In each plot, we placed three 50 cm × 50 cm quadrates as replicates to survey the species by recording their names, coverage (%), and richness (i.e., the number of species) and then classified all the species into the four plant functional groups: graminoids, forbs, legumes, and shrubs (if any). The coverage was estimated visually, but significantly positive correlation of coverage and species richness confirmed the data reliability (R2 = 0.418, p < 0.001).

2.4. Data Analysis

Firstly, the effects of slope aspect on leaf [N], [P], and N:P ratio were detected using a linear mixed model by treating “site” as the random factor (LMM) for the mixed samples, with species-level value as a replicate unit and one common species, Anaphalis lacteal, that occurred in each of the six plots. Correlations among leaf [N], [P], and N:P ratio were evaluated in each site using linear models. Comparison of the leaf N:P stoichiometry between different PFGs was also conducted using the LMM. Secondly, the effects of slope aspect on species richness and coverage and their correlations with leaf N:P stoichiometry (using plot-level means) were analyzed using LMM.
All the variables were log10-transformed. All analyses were performed with R version 4.0.3 (R Core Team, 2020) in RStudio version 1.3.1093 (RStudio Team, 2020).

3. Results

3.1. Variations in Leaf [N], [P], and N:P Ratio across the Slope Aspects

The leaf [N], [P], and N:P ratios ranged from 10.09 to 42.96, 0.89 to 3.10, and 8.10 to 23.63 mg g−1 in Hezuo and from 4.36 to 33.53, 0.536 to 2.33, and 4.14 to 21.21 mg g−1 in Maqu, respectively. Overall, the leaf [N], [P], and N:P ratios were all significantly lower in Maqu, with higher elevations than in Hezuo (Figure 2A,C,E).
Although leaf [N] and [P] were not significantly different between slope aspects, leaf N:P ratio was significantly lower on the NFS than on the SFS for the mixed samples (Figure 2). The one common species, Anaphalis lacteal, showed the same patterns as those of the mixed samples (Figure S1). Moreover, significant correlations between leaf [N] and [P] and between the leaf N:P ratio and leaf [N] rather than [P] were found in each plot (Figure 3). In addition, legumes showed a significantly higher leaf [N] and [P] than forbs and graminoids and a higher leaf N:P ratio than forbs (Figure S2).

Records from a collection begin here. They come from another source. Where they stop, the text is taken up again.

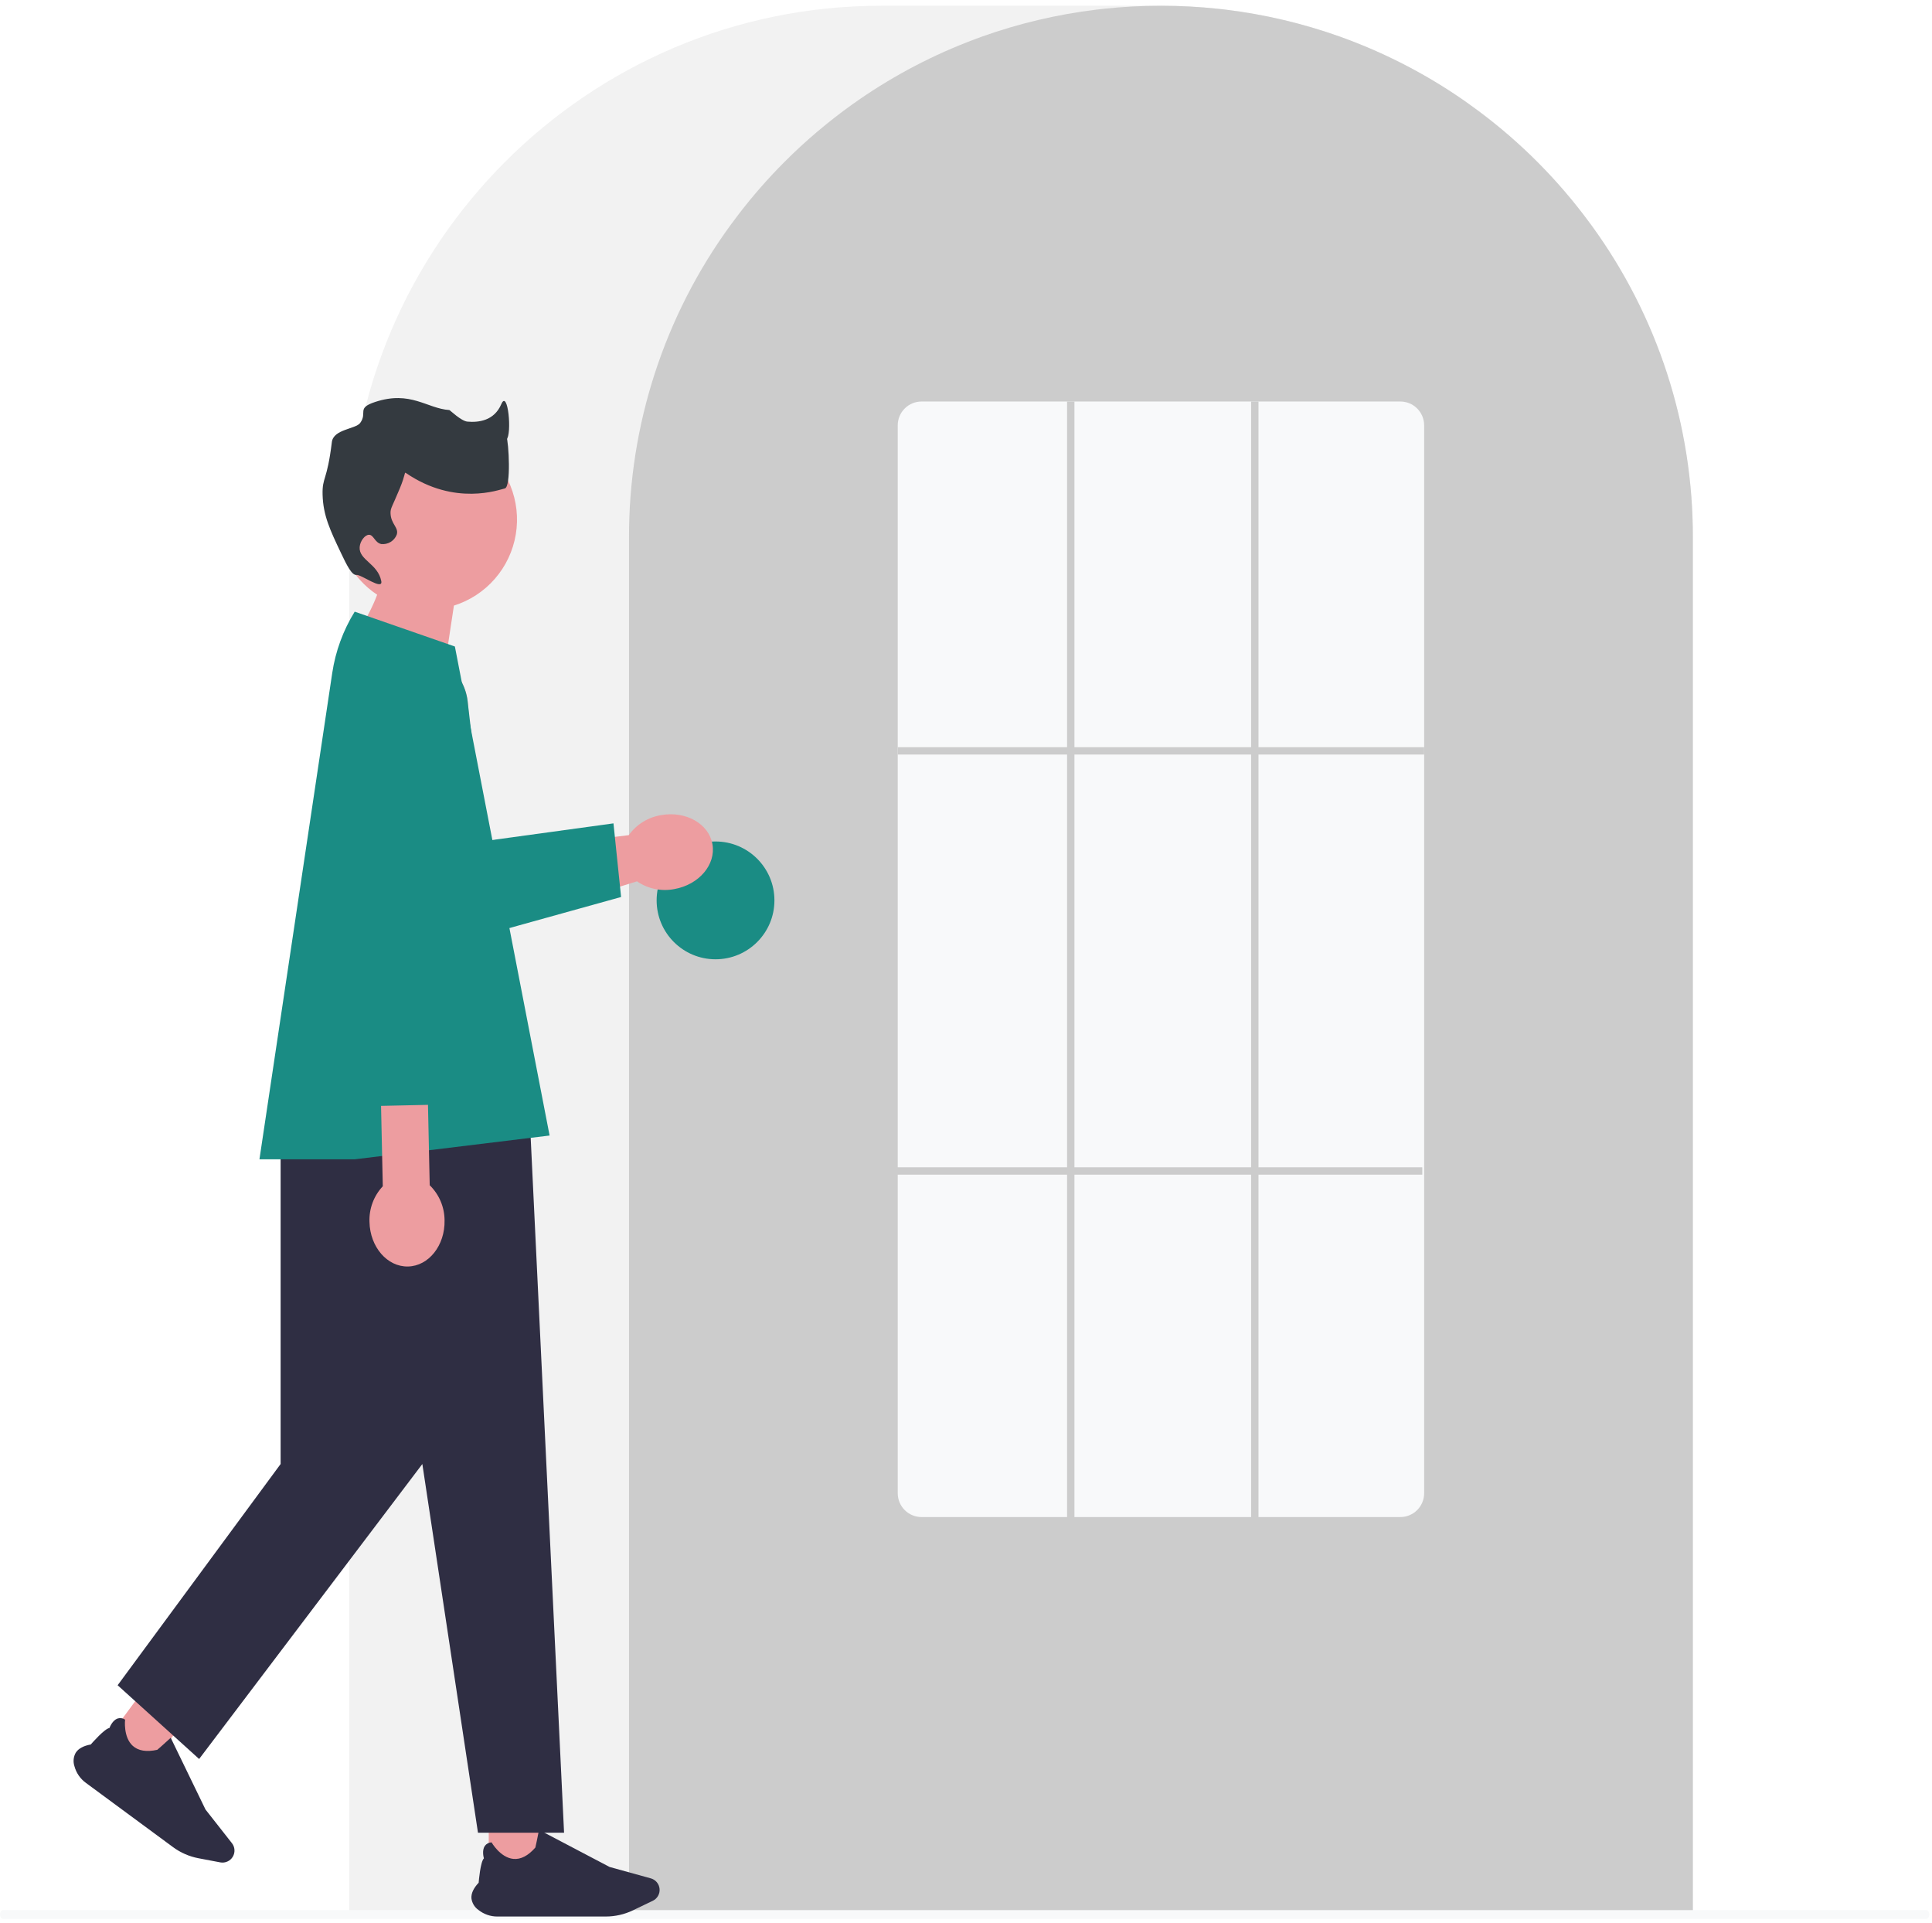 <svg width="202" height="201" viewBox="0 0 202 201" fill="none" xmlns="http://www.w3.org/2000/svg">
<path d="M36.516 200.352H176.997V56.215C176.997 25.549 152.048 0.6 121.382 0.6H92.131C61.465 0.6 36.516 25.549 36.516 56.215V200.352Z" fill="#F2F2F2"/>
<path d="M65.767 200.352H176.997V56.215C177.027 44.464 173.307 33.011 166.376 23.522C166.12 23.173 165.865 22.83 165.603 22.49C162.25 18.093 158.261 14.221 153.766 11.001C153.512 10.816 153.257 10.634 152.998 10.453C149.237 7.85 145.169 5.722 140.885 4.118C140.631 4.022 140.372 3.925 140.113 3.833C136.239 2.45 132.223 1.503 128.14 1.008C127.888 0.974 127.627 0.947 127.367 0.92C123.388 0.494 119.375 0.494 115.395 0.92C115.136 0.947 114.876 0.974 114.62 1.009C110.538 1.503 106.523 2.45 102.65 3.833C102.391 3.925 102.132 4.022 101.877 4.119C97.647 5.703 93.626 7.799 89.904 10.36C89.646 10.536 89.387 10.719 89.132 10.9C86.613 12.699 84.246 14.702 82.057 16.891C80.301 18.646 78.665 20.517 77.159 22.491C76.897 22.83 76.643 23.173 76.388 23.521C69.456 33.01 65.735 44.464 65.766 56.215L65.767 200.352Z" fill="#CCCCCC"/>
<path d="M74.812 100.284C71.411 100.284 68.654 97.527 68.654 94.126C68.654 90.725 71.411 87.968 74.812 87.968C78.213 87.968 80.97 90.725 80.97 94.126C80.97 97.527 78.213 100.284 74.812 100.284Z" fill="#1A8C84"/>
<path d="M0.324 200.6H201.398C201.577 200.6 201.723 200.395 201.723 200.142C201.723 199.889 201.577 199.683 201.398 199.683H0.324C0.145 199.683 -6.10352e-05 199.889 -6.10352e-05 200.142C-6.10352e-05 200.395 0.145 200.6 0.324 200.6Z" fill="#F8F9FA"/>
<path d="M96.365 158.593H146.399C147.058 158.596 147.691 158.338 148.16 157.876C148.629 157.413 148.896 156.783 148.901 156.124V44.444C148.896 43.785 148.629 43.155 148.16 42.692C147.691 42.229 147.058 41.971 146.399 41.974H96.365C95.706 41.971 95.073 42.229 94.604 42.692C94.135 43.155 93.868 43.785 93.863 44.444V156.124C93.868 156.783 94.135 157.413 94.604 157.876C95.073 158.338 95.706 158.596 96.365 158.593Z" fill="#F8F9FA"/>
<path d="M93.863 78.111H148.901V78.88H93.863V78.111Z" fill="#CCCCCC"/>
<path d="M93.671 122.03H148.708V122.8H93.671V122.03Z" fill="#CCCCCC"/>
<path d="M130.811 41.975H131.581V158.978H130.811V41.975Z" fill="#CCCCCC"/>
<path d="M111.567 41.975H112.337V158.978H111.567V41.975Z" fill="#CCCCCC"/>
<path d="M37.371 74.001C37.371 74.45 37.424 74.898 37.528 75.336L41.963 94.208C42.112 94.846 42.386 95.448 42.769 95.98C43.151 96.511 43.635 96.963 44.192 97.307C44.749 97.652 45.369 97.883 46.015 97.988C46.662 98.093 47.323 98.069 47.96 97.918L65.734 92.403L66.602 92.135C67.165 92.522 67.8 92.793 68.47 92.932C69.139 93.071 69.83 93.076 70.501 92.945C73.08 92.488 74.866 90.389 74.49 88.252C74.113 86.116 71.716 84.757 69.136 85.211C68.461 85.317 67.814 85.557 67.232 85.916C66.65 86.275 66.145 86.746 65.747 87.302L65.734 87.305L65.689 87.313L50.219 89.226L48.919 73.536C48.799 72.047 48.108 70.662 46.99 69.672C45.872 68.681 44.414 68.161 42.922 68.222C41.429 68.281 40.018 68.917 38.983 69.994C37.948 71.071 37.37 72.507 37.37 74.001L37.371 74.001Z" fill="#ED9DA0"/>
<path d="M37.371 74.001C37.371 74.45 37.424 74.898 37.527 75.336L41.166 95.004C41.316 95.641 41.59 96.243 41.972 96.775C42.355 97.307 42.839 97.758 43.396 98.102C43.953 98.447 44.572 98.678 45.219 98.783C45.866 98.888 46.527 98.865 47.164 98.714L64.938 93.772L64.141 86.075L50.606 87.933L48.918 73.535C48.798 72.046 48.107 70.662 46.989 69.671C45.871 68.68 44.413 68.16 42.921 68.221C41.428 68.281 40.017 68.916 38.982 69.993C37.948 71.07 37.37 72.506 37.37 74L37.371 74.001Z" fill="#1A8C84"/>
<path d="M14.287 177.641L18.58 180.806L15.415 185.098L11.122 181.934L14.287 177.641Z" fill="#ED9DA0"/>
<path d="M8.977 186.379L18.102 193.107C18.888 193.684 19.792 194.079 20.75 194.261L23.028 194.693C23.279 194.741 23.539 194.71 23.772 194.606C24.006 194.503 24.202 194.33 24.334 194.112C24.467 193.893 24.53 193.64 24.515 193.385C24.5 193.13 24.407 192.886 24.249 192.685L21.486 189.166L17.85 181.667L17.829 181.687C17.303 182.167 16.505 182.89 16.445 182.925C15.322 183.174 14.459 183.034 13.881 182.51C12.873 181.596 13.076 179.804 13.078 179.787L13.08 179.773L13.068 179.766C12.954 179.689 12.824 179.639 12.688 179.62C12.551 179.602 12.412 179.615 12.282 179.658C11.757 179.85 11.483 180.539 11.444 180.644C10.931 180.716 9.599 182.244 9.491 182.368C8.725 182.507 8.197 182.795 7.922 183.224C7.8 183.437 7.725 183.674 7.701 183.919C7.677 184.164 7.706 184.411 7.784 184.645C7.972 185.342 8.393 185.954 8.977 186.379Z" fill="#2F2E43"/>
<path d="M51.102 190.167H56.435V195.501H51.102V190.167Z" fill="#ED9DA0"/>
<path d="M52.012 200.352H63.35C64.324 200.351 65.287 200.132 66.166 199.711L68.256 198.706C68.486 198.595 68.677 198.417 68.803 198.195C68.929 197.973 68.985 197.718 68.962 197.463C68.939 197.209 68.84 196.967 68.676 196.771C68.512 196.575 68.293 196.433 68.047 196.365L63.735 195.172L56.358 191.295L56.353 191.323C56.215 192.021 56.001 193.077 55.974 193.141C55.218 194.008 54.441 194.407 53.665 194.328C52.311 194.191 51.411 192.628 51.402 192.612L51.395 192.6L51.381 192.601C51.244 192.607 51.109 192.644 50.989 192.71C50.868 192.776 50.764 192.869 50.684 192.981C50.376 193.447 50.564 194.164 50.595 194.272C50.225 194.634 50.059 196.655 50.046 196.819C49.511 197.386 49.257 197.931 49.29 198.439C49.318 198.683 49.398 198.918 49.524 199.13C49.65 199.341 49.82 199.523 50.021 199.664C50.586 200.114 51.289 200.358 52.011 200.353L52.012 200.352Z" fill="#2F2E43"/>
<path d="M29.34 106.794H54.902L58.976 191.594H49.975L44.158 153.048L20.82 183.885L12.299 176.176L29.34 153.048L29.34 106.794Z" fill="#2F2E43"/>
<path d="M35.215 54.319C35.216 52.578 35.699 50.871 36.611 49.387C37.523 47.904 38.828 46.702 40.381 45.916C41.935 45.13 43.676 44.789 45.411 44.932C47.147 45.076 48.808 45.697 50.212 46.728C51.615 47.758 52.706 49.157 53.362 50.77C54.018 52.383 54.215 54.146 53.929 55.864C53.644 57.582 52.889 59.187 51.746 60.501C50.604 61.815 49.12 62.787 47.459 63.309L45.637 75.345L36.353 67.608C36.353 67.608 38.359 65.053 39.434 62.173C38.137 61.314 37.072 60.148 36.336 58.777C35.6 57.406 35.215 55.875 35.215 54.319Z" fill="#ED9DA0"/>
<path d="M34.953 95.169L30.778 107.471L54.398 107.206L50.877 95.965L34.953 95.169Z" fill="#ED9DA0"/>
<path d="M37.086 63.944L47.56 67.586L57.463 118.708L37.086 121.195H27.126L34.736 70.358C35.076 68.083 35.876 65.901 37.086 63.944H37.086Z" fill="#1A8C84"/>
<path d="M40.023 124.012L39.84 115.609L44.747 115.502L44.929 123.905C45.418 124.383 45.807 124.953 46.074 125.583C46.34 126.212 46.479 126.889 46.481 127.572C46.538 130.192 44.827 132.353 42.659 132.4C40.491 132.447 38.688 130.362 38.631 127.743C38.604 127.06 38.713 126.378 38.952 125.737C39.191 125.096 39.555 124.51 40.023 124.011V124.012Z" fill="#ED9DA0"/>
<path d="M37.279 60.102C36.789 60.186 36.215 58.999 35.666 57.842C34.515 55.422 33.784 53.884 33.728 51.708C33.681 49.854 34.196 50.341 34.697 46.219C34.862 44.86 37.184 44.863 37.657 44.217C38.456 43.127 37.231 42.677 39.217 42.023C42.938 40.797 44.62 42.703 46.983 42.867C47.043 42.871 48.214 44.017 48.869 44.076C50.015 44.18 51.667 44 52.41 42.255C53.103 40.622 53.562 45.393 52.942 45.984C52.4 46.554 51.912 47.174 51.486 47.835C51.461 47.939 52.578 44.571 52.942 45.568C53.205 46.285 53.444 50.925 52.778 51.063C52.22 51.179 47.585 52.96 42.446 49.45C42.264 49.325 42.436 49.524 41.8 51.063C40.998 53.005 40.817 53.111 40.832 53.646C40.862 54.804 41.731 55.146 41.477 55.906C41.35 56.221 41.124 56.486 40.833 56.661C40.541 56.835 40.201 56.911 39.864 56.875C39.183 56.734 39.066 55.892 38.572 55.906C38.15 55.919 37.648 56.556 37.604 57.198C37.51 58.551 39.513 58.923 39.864 60.749C40.062 61.78 37.731 60.027 37.281 60.104L37.279 60.102Z" fill="#343A40"/>
</svg>

3.2. Correlations of Leaf Traits with Species Richness and Coverage

Significantly higher richness of all species and forbs and lower richness of legumes were found on the NFS than on the SFS and WFS (Figure 4A–D); however, the richness of graminoids and plant coverage for each PFG and for all species did not differ significantly among the slope aspects (Figure 4E–H).
The correlations were found to be significantly negative between leaf [N] and richness of all species (R2 = 0.615, p = 0.047) and forb species (R2 = 0.570, p = 0.061), between leaf [P] and graminoid richness (R2 = 0.362, p = 0.093), and between leaf N:P ratios and forb richness (R2 = 0.675, p = 0.032) (Figure 5). On the other hand, legume coverage was positively correlated with leaf [N] (R2 = 0.809, p = 0.010), and the coverage of graminoids and all species was negatively and positively correlated with leaf [P] and with marginal significance and significance, respectively (R2 = 0.051 and 0.704, p = 0.103 and 0.029, respectively) (Figure 6).

4. Discussion

4.1. Variations in Leaf [N], [P], and N:P Ratio across Different Slope Aspects

Although leaf [N] and [P] did not differ significantly between slope aspects, we found a significantly lower N:P ratio on the NFS, with a mean of 11, and a higher N:P ratio on the SFS, with a mean of 16, which was consistent with a previous study reporting that the lowest N:P ratio occurred on the NFS out of the four slope aspects [39]. Tessier and Raynal [8] pointed out that plants were subject to N-, P-, and co-limitation when the plant N:P ratio was less than 14, higher than 16, and between 14 and 16, respectively. Therefore, our results indicate that plants on the NFS suffered N limitation. The tight correlation of leaf [N] with N:P ratio suggests that leaf N:P is determined by leaf [N] along the slope aspect gradient. A lower soil N availability reported in our previous studies [36] was probably the reason for the lower leaf N:P ratio on the NFS, which supports the biogeochemical hypothesis suggesting that plant N and P are influenced by the availability of soil nutrients [9]. The lower soil N on the NFS was perhaps due to lower temperatures reducing the decomposition and mineralization of organic material.
In addition, the leaf [N], [P], and N:P ratio were lower in Maqu, which has a higher elevation, which is consistent with previous studies of elevational gradients [14,40], indicating an increase in N-limitation along altitudinal gradients.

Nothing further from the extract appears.